EXERCISE DIRECTIONS:
If a record holds a picture, leave the picture out and repeat everything else exactly.
[[ PROVIDED MATERIAL open ]]
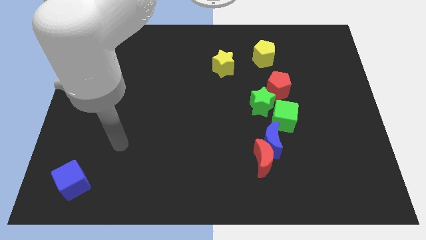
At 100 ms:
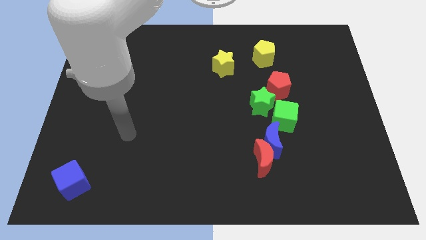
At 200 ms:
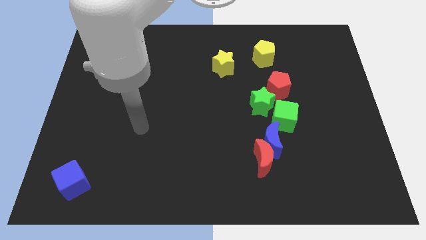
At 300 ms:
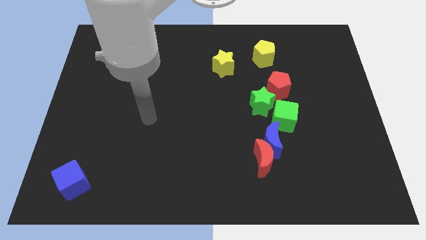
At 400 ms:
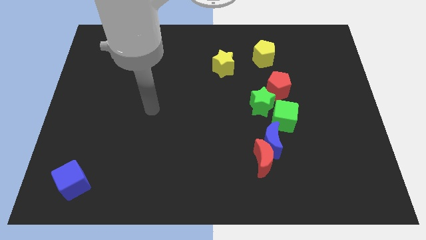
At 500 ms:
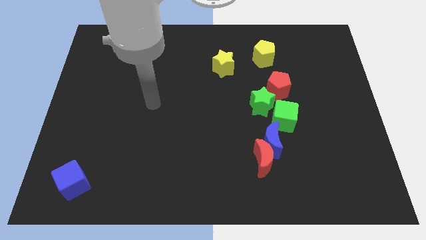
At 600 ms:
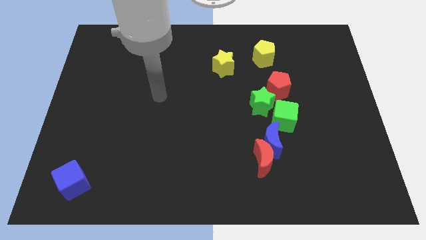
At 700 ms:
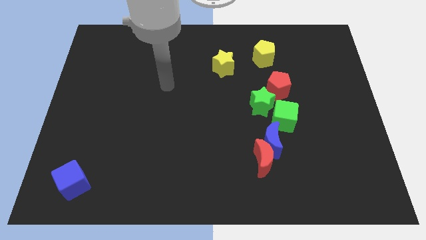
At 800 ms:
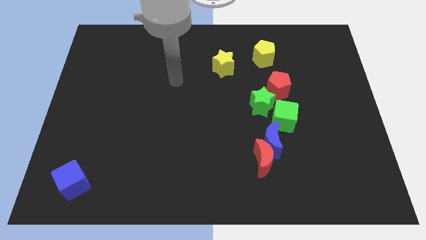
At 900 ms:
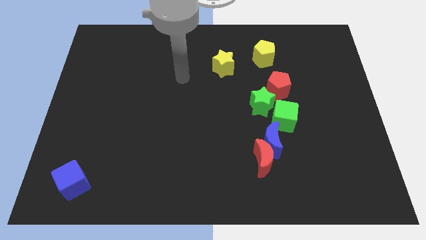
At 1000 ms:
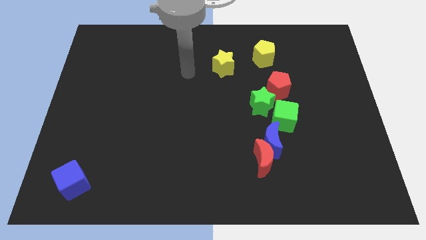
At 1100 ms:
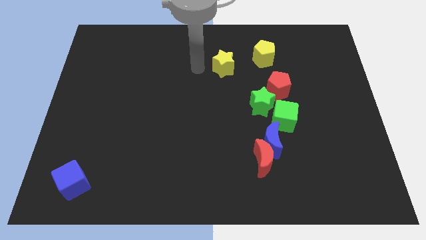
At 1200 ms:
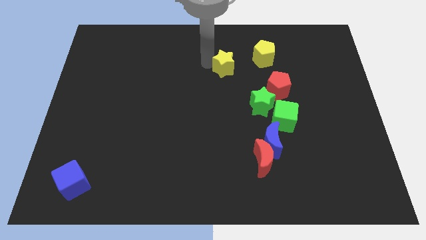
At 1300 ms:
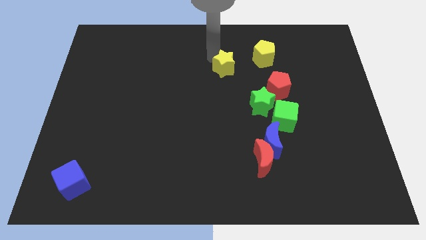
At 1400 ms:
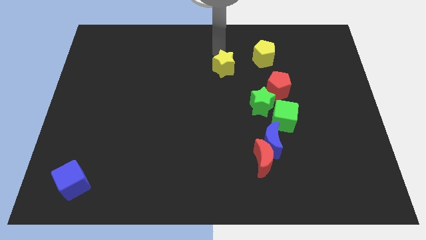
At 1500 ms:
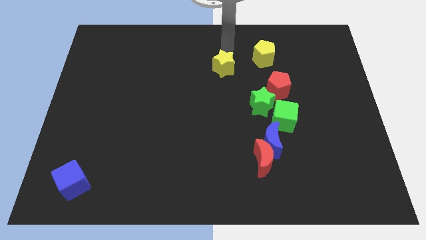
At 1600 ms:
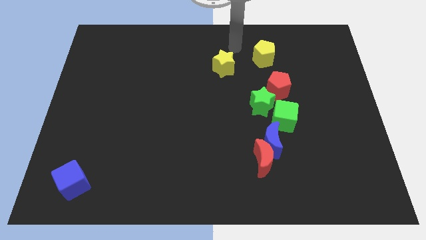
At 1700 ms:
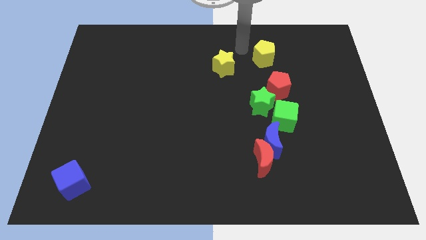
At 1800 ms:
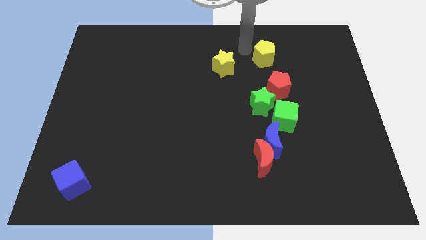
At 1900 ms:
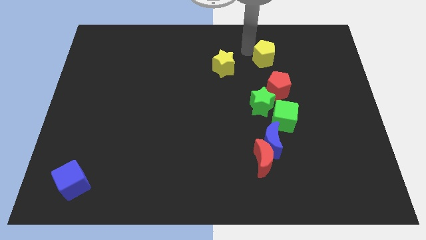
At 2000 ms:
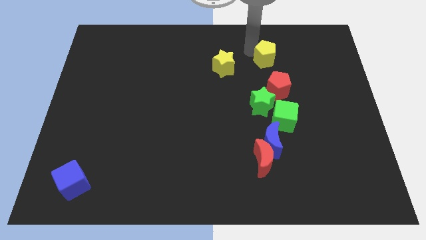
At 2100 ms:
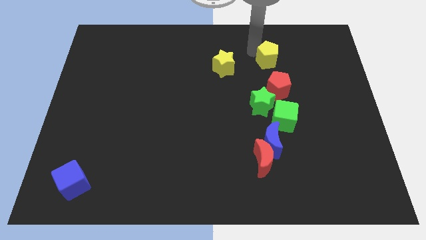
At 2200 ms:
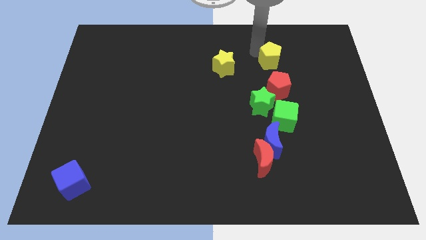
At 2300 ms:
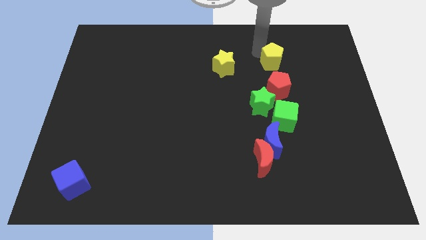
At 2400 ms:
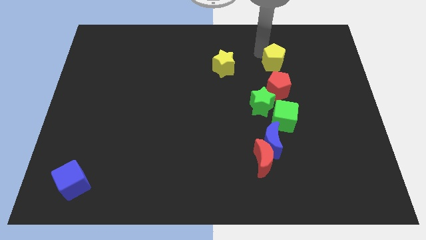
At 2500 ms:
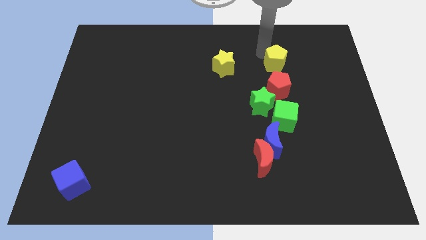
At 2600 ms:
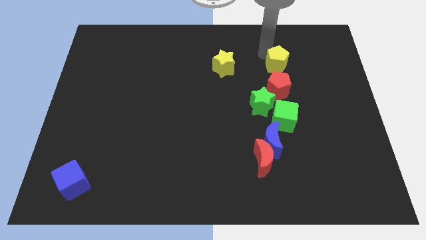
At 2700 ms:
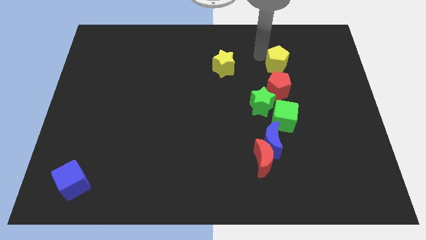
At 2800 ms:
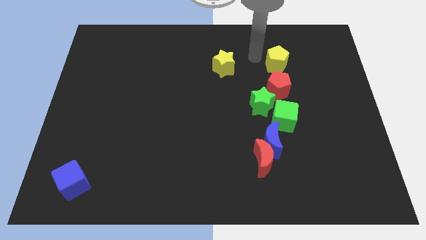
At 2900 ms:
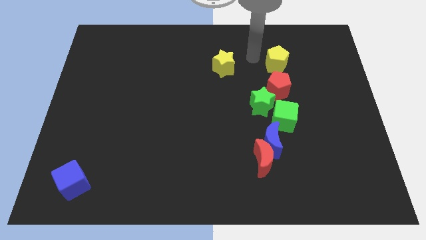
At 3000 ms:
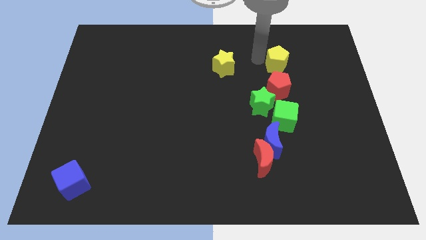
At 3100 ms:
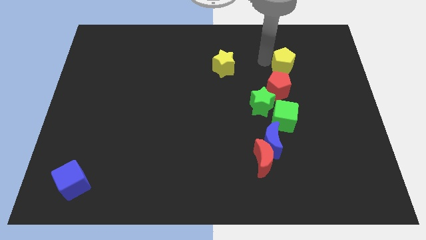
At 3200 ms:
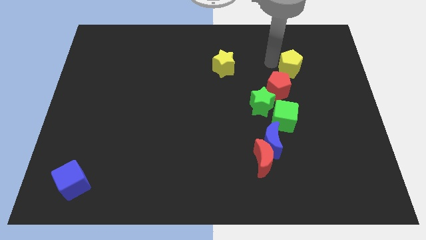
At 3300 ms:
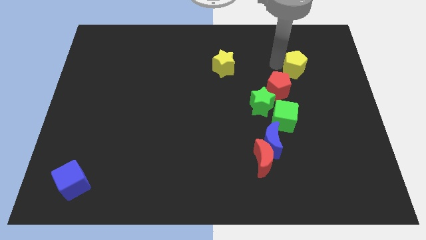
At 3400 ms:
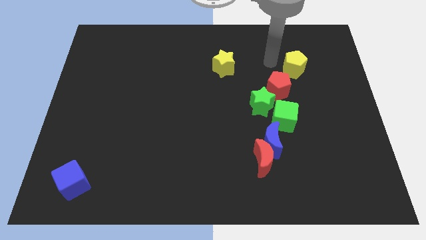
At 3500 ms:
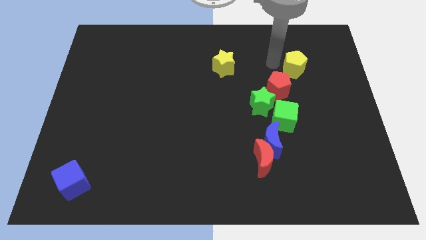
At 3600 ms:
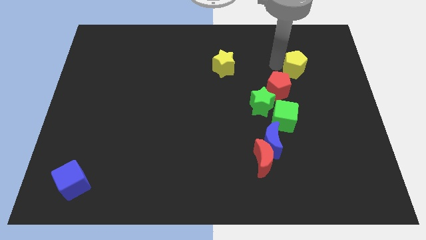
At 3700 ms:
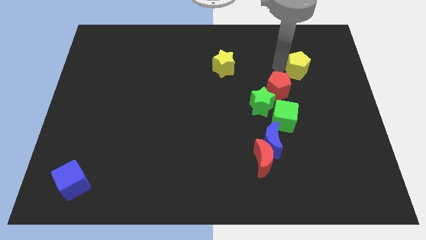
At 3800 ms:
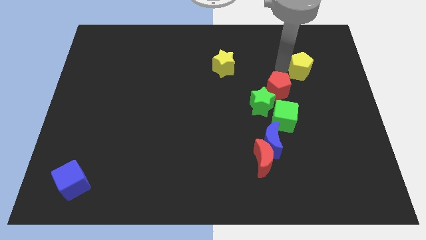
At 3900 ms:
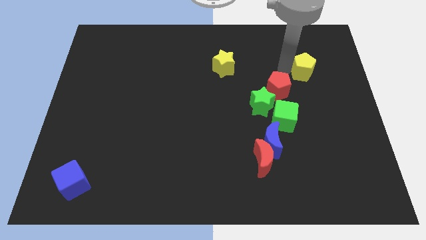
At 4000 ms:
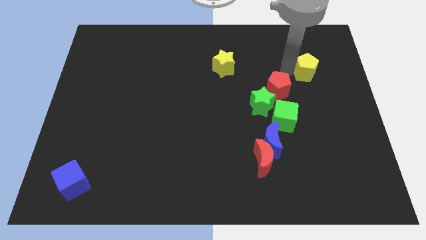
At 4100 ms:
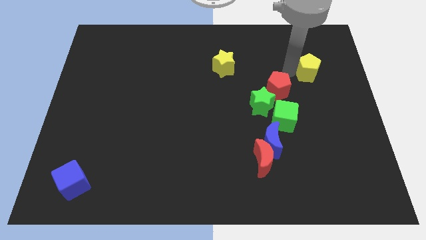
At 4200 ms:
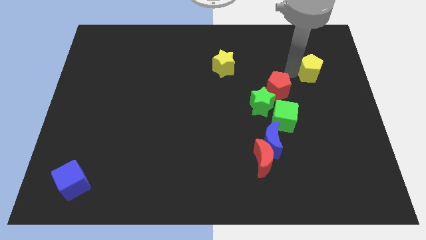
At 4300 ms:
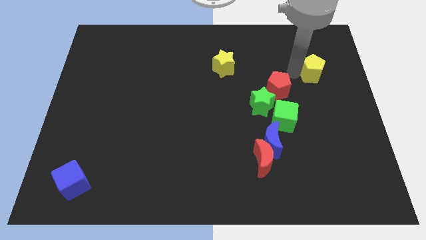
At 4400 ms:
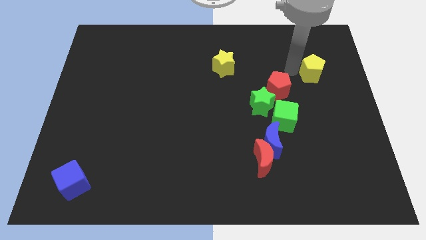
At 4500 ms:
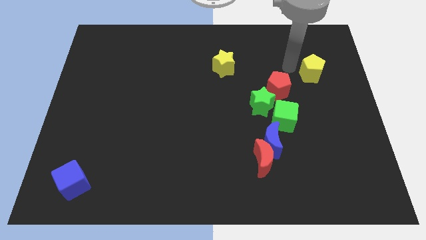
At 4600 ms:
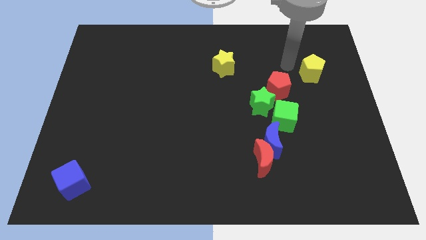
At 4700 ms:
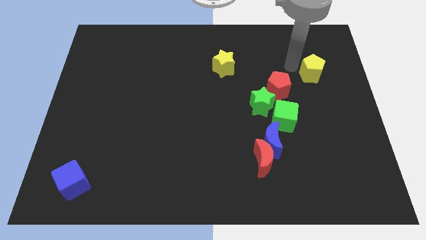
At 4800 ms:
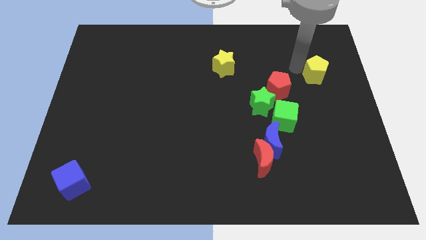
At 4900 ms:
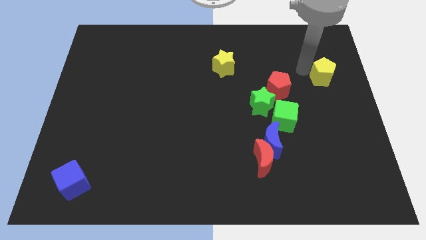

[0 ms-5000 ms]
push the yellow pentagon to the right side
[[ PROVIDED MATERIAL closed ]]
RESPONSE TO THE TASK:
At 100 ms:
At 200 ms:
At 300 ms:
At 400 ms:
At 500 ms:
At 600 ms:
At 700 ms:
At 800 ms:
At 900 ms:
At 1000 ms:
At 1100 ms:
At 1200 ms:
At 1300 ms:
At 1400 ms:
At 1500 ms:
At 1600 ms:
At 1700 ms:
At 1800 ms:
At 1900 ms:
At 2000 ms:
At 2100 ms:
At 2200 ms:
At 2300 ms:
At 2400 ms:
At 2500 ms:
At 2600 ms:
At 2700 ms:
At 2800 ms:
At 2900 ms:
At 3000 ms:
At 3100 ms:
At 3200 ms:
At 3300 ms:
At 3400 ms:
At 3500 ms:
At 3600 ms:
At 3700 ms:
At 3800 ms:
At 3900 ms:
At 4000 ms:
At 4100 ms:
At 4200 ms:
At 4300 ms:
At 4400 ms:
At 4500 ms:
At 4600 ms:
At 4700 ms:
At 4800 ms:
At 4900 ms:

[0 ms-5000 ms]
push the yellow pentagon to the right side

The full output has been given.